*** SUPPLIED RECORDS ***

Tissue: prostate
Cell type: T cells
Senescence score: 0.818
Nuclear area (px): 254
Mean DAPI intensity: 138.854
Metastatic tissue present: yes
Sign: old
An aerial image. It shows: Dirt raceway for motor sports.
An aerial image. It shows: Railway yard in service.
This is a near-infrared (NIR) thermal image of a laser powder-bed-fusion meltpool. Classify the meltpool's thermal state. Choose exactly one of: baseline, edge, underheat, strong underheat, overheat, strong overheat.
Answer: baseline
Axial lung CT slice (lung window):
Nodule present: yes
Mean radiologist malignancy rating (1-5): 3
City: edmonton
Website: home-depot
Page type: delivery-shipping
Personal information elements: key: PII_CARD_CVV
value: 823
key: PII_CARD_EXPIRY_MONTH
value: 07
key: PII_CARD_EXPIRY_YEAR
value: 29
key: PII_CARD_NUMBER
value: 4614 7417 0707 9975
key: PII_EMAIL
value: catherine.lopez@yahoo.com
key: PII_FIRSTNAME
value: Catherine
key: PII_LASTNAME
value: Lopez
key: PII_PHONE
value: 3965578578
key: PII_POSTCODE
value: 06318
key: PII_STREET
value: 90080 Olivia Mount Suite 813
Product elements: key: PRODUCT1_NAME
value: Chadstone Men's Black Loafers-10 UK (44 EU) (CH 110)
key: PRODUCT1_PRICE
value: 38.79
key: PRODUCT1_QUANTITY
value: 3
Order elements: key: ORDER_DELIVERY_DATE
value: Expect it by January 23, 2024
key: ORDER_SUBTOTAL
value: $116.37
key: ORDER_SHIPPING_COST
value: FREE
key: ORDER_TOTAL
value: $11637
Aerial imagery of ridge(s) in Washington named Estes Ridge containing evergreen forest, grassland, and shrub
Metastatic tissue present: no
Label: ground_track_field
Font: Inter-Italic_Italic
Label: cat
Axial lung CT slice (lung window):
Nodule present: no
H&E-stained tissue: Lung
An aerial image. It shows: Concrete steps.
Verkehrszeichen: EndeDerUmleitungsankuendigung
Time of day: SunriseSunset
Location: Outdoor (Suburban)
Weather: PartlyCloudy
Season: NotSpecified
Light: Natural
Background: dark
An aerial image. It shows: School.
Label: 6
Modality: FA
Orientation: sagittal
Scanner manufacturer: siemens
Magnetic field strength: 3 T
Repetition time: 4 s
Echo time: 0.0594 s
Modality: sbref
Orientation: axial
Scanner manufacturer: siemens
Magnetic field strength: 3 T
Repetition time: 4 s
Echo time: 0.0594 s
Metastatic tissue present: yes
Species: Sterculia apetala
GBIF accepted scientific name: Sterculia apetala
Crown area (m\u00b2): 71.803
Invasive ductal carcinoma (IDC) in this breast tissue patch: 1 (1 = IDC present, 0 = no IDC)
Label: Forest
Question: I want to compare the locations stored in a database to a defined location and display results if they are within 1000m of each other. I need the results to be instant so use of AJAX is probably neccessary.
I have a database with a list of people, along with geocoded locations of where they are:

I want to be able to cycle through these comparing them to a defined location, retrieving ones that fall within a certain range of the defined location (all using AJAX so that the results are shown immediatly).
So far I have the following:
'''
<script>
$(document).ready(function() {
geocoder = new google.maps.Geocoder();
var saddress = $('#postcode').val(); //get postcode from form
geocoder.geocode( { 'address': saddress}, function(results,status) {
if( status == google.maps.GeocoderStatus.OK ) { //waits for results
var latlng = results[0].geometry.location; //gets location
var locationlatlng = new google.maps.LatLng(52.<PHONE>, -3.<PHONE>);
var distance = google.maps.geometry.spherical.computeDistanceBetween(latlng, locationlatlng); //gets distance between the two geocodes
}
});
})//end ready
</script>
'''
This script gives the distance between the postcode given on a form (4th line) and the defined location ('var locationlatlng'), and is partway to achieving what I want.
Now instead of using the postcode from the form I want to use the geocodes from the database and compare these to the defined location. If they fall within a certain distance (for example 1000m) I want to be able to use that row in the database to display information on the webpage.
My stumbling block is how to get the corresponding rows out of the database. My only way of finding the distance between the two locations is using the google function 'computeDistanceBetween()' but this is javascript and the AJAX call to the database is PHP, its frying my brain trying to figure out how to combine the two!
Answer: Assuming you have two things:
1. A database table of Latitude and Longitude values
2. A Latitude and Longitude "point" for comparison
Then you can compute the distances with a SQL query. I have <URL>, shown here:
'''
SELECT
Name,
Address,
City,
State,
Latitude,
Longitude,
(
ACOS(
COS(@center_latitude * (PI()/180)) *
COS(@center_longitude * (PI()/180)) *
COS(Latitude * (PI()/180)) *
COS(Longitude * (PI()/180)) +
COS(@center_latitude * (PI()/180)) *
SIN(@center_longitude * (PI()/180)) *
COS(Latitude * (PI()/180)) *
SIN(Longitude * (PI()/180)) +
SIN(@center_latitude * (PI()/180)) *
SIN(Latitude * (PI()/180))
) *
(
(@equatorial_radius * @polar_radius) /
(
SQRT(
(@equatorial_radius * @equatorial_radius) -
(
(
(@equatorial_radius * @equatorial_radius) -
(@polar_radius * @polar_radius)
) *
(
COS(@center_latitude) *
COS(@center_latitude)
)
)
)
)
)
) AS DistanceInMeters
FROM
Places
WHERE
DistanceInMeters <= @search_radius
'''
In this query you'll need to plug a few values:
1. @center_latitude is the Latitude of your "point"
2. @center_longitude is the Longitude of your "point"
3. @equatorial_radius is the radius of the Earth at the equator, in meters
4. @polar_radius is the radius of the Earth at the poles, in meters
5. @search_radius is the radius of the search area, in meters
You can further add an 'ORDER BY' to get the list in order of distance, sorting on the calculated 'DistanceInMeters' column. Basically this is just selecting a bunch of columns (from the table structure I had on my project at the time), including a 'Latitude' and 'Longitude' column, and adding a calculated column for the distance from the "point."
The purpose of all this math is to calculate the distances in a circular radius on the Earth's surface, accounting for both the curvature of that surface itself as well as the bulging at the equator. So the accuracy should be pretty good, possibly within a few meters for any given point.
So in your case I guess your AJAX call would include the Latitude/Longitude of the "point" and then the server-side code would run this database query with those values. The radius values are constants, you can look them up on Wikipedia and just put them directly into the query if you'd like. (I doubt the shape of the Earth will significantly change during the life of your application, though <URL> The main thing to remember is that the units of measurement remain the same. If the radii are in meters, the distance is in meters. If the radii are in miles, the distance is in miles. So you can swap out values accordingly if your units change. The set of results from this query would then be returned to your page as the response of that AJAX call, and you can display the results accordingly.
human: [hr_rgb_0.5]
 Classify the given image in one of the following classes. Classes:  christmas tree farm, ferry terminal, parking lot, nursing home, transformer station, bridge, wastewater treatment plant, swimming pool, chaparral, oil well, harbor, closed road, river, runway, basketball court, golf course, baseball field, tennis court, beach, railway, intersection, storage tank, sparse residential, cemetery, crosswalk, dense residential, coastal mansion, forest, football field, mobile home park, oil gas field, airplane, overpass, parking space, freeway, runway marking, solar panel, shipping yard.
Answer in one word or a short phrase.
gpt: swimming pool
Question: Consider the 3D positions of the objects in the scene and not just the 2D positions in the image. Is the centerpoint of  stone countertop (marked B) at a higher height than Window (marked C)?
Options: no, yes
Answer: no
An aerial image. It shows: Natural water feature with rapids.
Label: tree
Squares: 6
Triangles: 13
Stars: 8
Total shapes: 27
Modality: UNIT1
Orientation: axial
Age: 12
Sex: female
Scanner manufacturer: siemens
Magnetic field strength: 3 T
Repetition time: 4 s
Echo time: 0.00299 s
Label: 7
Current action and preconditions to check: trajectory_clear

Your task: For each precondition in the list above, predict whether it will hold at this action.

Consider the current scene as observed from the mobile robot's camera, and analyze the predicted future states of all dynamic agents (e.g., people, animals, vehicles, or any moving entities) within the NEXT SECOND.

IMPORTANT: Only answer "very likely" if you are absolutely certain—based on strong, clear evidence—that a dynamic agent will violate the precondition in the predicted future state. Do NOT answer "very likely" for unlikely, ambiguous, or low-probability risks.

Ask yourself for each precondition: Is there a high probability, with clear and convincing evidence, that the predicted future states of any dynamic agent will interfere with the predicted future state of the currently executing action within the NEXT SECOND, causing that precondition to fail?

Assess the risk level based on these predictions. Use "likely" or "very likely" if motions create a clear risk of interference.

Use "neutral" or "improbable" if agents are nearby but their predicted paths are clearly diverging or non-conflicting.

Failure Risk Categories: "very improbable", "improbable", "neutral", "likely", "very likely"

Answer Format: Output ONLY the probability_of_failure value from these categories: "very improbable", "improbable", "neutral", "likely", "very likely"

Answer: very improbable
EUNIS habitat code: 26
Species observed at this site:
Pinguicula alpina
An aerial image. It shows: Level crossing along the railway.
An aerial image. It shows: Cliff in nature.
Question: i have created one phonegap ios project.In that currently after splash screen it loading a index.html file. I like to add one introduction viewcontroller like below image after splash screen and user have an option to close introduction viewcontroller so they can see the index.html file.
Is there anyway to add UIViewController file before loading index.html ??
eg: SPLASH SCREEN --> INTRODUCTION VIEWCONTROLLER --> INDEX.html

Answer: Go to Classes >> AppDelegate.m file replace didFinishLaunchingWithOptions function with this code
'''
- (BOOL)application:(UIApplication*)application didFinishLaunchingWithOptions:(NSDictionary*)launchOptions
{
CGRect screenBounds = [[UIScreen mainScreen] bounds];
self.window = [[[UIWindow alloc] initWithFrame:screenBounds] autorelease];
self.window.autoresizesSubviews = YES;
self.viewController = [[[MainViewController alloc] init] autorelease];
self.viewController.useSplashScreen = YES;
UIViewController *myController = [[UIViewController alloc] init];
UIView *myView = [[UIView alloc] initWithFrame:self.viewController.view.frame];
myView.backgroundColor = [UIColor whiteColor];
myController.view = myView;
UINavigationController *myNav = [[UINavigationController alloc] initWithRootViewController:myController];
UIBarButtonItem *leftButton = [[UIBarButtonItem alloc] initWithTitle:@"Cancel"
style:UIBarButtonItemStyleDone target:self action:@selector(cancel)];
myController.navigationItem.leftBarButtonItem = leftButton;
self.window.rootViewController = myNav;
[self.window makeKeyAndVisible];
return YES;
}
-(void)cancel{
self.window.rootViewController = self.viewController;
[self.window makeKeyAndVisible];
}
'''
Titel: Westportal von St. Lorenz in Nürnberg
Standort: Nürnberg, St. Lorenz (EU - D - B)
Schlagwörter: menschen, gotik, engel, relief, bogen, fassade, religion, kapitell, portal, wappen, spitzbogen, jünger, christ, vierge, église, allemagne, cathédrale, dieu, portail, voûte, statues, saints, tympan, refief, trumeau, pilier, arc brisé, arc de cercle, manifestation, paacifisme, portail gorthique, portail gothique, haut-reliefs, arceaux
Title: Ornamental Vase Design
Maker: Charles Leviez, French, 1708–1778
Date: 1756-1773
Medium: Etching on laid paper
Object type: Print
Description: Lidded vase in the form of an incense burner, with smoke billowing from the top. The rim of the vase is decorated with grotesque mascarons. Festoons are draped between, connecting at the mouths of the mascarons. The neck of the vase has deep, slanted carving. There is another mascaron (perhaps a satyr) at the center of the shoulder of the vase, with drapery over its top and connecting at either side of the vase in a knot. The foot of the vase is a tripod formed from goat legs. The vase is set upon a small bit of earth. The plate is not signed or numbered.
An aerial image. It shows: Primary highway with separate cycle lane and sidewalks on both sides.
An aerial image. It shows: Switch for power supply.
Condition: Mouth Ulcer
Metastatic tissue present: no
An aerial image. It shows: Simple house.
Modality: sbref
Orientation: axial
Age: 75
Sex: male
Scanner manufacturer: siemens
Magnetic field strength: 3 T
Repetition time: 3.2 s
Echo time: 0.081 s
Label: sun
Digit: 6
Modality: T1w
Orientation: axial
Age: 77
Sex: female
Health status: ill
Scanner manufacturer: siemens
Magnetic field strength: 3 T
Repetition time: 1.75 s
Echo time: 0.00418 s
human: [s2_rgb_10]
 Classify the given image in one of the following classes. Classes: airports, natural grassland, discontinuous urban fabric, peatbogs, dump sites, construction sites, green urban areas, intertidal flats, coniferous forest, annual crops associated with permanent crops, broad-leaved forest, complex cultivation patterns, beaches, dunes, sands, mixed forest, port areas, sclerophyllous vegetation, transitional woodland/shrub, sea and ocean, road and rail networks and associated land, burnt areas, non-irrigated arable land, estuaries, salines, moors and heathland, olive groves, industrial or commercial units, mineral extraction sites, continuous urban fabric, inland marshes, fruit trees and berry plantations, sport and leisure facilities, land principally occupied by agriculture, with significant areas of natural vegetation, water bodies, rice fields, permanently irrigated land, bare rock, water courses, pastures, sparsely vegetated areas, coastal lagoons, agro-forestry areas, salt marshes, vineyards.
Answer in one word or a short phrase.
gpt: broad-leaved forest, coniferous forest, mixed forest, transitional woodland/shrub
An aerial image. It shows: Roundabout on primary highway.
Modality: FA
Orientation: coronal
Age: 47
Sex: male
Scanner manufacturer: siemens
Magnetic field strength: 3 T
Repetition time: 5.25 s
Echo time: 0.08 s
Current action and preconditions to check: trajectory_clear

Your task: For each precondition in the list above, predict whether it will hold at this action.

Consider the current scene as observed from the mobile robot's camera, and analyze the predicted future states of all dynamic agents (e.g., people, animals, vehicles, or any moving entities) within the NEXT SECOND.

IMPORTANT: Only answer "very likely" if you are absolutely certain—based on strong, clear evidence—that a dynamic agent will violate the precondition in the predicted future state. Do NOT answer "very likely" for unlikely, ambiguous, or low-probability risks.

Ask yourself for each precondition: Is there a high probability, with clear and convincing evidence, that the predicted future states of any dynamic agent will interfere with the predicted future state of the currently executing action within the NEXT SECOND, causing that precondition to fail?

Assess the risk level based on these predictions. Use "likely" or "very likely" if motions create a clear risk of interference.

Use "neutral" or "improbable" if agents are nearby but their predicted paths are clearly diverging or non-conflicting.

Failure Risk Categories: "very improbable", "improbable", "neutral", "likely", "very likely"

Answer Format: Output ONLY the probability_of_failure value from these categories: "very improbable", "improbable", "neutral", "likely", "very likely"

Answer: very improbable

*** End of SUPPLIED RECORDS ***

* TASK OBJECTIVE
From the line holding "value: 38.79" to the line holding "Invasive ductal carcinoma", inclusive, restate each line above exactly as written.

* ANSWER SECTION
value: 38.79
key: PRODUCT1_QUANTITY
value: 3
Order elements: key: ORDER_DELIVERY_DATE
value: Expect it by January 23, 2024
key: ORDER_SUBTOTAL
value: $116.37
key: ORDER_SHIPPING_COST
value: FREE
key: ORDER_TOTAL
value: $11637
Aerial imagery of ridge(s) in Washington named Estes Ridge containing evergreen forest, grassland, and shrub
Metastatic tissue present: no
Label: ground_track_field
Font: Inter-Italic_Italic
Label: cat
Axial lung CT slice (lung window):
Nodule present: no
H&E-stained tissue: Lung
An aerial image. It shows: Concrete steps.
Verkehrszeichen: EndeDerUmleitungsankuendigung
Time of day: SunriseSunset
Location: Outdoor (Suburban)
Weather: PartlyCloudy
Season: NotSpecified
Light: Natural
Background: dark
An aerial image. It shows: School.
Label: 6
Modality: FA
Orientation: sagittal
Scanner manufacturer: siemens
Magnetic field strength: 3 T
Repetition time: 4 s
Echo time: 0.0594 s
Modality: sbref
Orientation: axial
Scanner manufacturer: siemens
Magnetic field strength: 3 T
Repetition time: 4 s
Echo time: 0.0594 s
Metastatic tissue present: yes
Species: Sterculia apetala
GBIF accepted scientific name: Sterculia apetala
Crown area (m\u00b2): 71.803
Invasive ductal carcinoma (IDC) in this breast tissue patch: 1 (1 = IDC present, 0 = no IDC)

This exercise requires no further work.